🤖 AI Summary
Existing image synthesis methods suffer from insufficient fidelity under complex lighting conditions (e.g., shadows, water reflections) and high-resolution inputs, and commonly rely on latent inversion or attention-based intervention—hindering full exploitation of pretrained diffusion models’ physical plausibility and resolution priors. To address this, we propose SHINE: a fine-tuning-free, inversion-free framework that enables plug-and-play physically plausible synthesis with text-to-image diffusion models (e.g., FLUX). SHINE comprises three core components: manifold-guided anchor loss, degradation-suppression guidance, and adaptive background fusion.

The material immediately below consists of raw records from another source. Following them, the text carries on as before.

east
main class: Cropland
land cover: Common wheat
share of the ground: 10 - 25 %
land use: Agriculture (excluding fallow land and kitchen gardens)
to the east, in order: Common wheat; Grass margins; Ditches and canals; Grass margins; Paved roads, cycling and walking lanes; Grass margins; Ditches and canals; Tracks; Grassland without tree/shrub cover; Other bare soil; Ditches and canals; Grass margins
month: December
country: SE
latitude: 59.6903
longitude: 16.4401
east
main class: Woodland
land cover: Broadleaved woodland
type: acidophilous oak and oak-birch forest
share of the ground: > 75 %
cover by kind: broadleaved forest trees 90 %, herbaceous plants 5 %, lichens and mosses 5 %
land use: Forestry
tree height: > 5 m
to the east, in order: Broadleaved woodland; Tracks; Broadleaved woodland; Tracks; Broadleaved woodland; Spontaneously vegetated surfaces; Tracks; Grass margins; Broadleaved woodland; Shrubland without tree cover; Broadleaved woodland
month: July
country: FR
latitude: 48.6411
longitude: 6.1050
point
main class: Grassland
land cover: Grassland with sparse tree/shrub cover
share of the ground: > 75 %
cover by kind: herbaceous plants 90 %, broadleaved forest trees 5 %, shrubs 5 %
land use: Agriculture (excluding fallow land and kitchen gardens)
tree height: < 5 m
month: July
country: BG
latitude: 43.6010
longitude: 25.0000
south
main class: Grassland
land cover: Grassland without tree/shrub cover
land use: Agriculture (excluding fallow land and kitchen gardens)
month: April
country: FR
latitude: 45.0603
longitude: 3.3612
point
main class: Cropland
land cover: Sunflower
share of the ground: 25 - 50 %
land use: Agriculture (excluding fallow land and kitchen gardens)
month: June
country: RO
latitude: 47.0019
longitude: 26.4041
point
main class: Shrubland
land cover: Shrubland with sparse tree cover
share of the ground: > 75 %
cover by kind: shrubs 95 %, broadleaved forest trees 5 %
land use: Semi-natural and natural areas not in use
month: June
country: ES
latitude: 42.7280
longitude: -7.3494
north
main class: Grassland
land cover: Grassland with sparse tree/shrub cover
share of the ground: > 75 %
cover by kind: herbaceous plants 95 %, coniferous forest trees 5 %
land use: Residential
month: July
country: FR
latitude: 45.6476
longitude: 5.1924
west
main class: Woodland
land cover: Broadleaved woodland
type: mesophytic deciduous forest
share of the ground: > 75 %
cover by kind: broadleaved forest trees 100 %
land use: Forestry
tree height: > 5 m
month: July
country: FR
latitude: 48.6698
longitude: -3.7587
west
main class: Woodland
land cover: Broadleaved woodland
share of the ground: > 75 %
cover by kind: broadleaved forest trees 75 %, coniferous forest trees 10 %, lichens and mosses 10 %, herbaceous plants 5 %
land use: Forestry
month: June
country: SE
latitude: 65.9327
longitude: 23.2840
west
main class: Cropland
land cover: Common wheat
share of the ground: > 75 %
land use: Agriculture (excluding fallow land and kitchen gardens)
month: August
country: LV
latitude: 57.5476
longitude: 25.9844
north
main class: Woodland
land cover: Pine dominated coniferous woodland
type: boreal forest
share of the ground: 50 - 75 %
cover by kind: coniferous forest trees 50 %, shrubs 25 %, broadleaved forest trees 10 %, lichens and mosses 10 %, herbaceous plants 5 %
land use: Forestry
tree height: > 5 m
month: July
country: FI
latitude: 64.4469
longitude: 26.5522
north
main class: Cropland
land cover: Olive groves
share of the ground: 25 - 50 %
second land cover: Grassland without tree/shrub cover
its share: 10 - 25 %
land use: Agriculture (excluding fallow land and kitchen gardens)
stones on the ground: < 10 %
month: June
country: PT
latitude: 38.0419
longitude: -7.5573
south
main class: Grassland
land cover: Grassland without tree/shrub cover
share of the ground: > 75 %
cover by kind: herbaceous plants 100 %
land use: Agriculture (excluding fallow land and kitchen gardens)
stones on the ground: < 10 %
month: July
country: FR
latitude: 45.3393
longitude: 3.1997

It seamlessly integrates with adapters such as IP-Adapter for high-fidelity object insertion. Evaluated on our newly introduced benchmarks—ComplexCompo and DreamEditBench—SHINE achieves state-of-the-art performance across DINOv2, DreamSim, ImageReward, and human preference metrics, significantly improving realism and compositional consistency of synthesized images.
📝 Abstract
Image composition aims to seamlessly insert a user-specified object into a new scene, but existing models struggle with complex lighting (e.g., accurate shadows, water reflections) and diverse, high-resolution inputs. Modern text-to-image diffusion models (e.g., SD3.5, FLUX) already encode essential physical and resolution priors, yet lack a framework to unleash them without resorting to latent inversion, which often locks object poses into contextually inappropriate orientations, or brittle attention surgery. We propose SHINE, a training-free framework for Seamless, High-fidelity Insertion with Neutralized Errors. SHINE introduces manifold-steered anchor loss, leveraging pretrained customization adapters (e.g., IP-Adapter) to guide latents for faithful subject representation while preserving background integrity. Degradation-suppression guidance and adaptive background blending are proposed to further eliminate low-quality outputs and visible seams. To address the lack of rigorous benchmarks, we introduce ComplexCompo, featuring diverse resolutions and challenging conditions such as low lighting, strong illumination, intricate shadows, and reflective surfaces. Experiments on ComplexCompo and DreamEditBench show state-of-the-art performance on standard metrics (e.g., DINOv2) and human-aligned scores (e.g., DreamSim, ImageReward, VisionReward). Code and benchmark will be publicly available upon publication.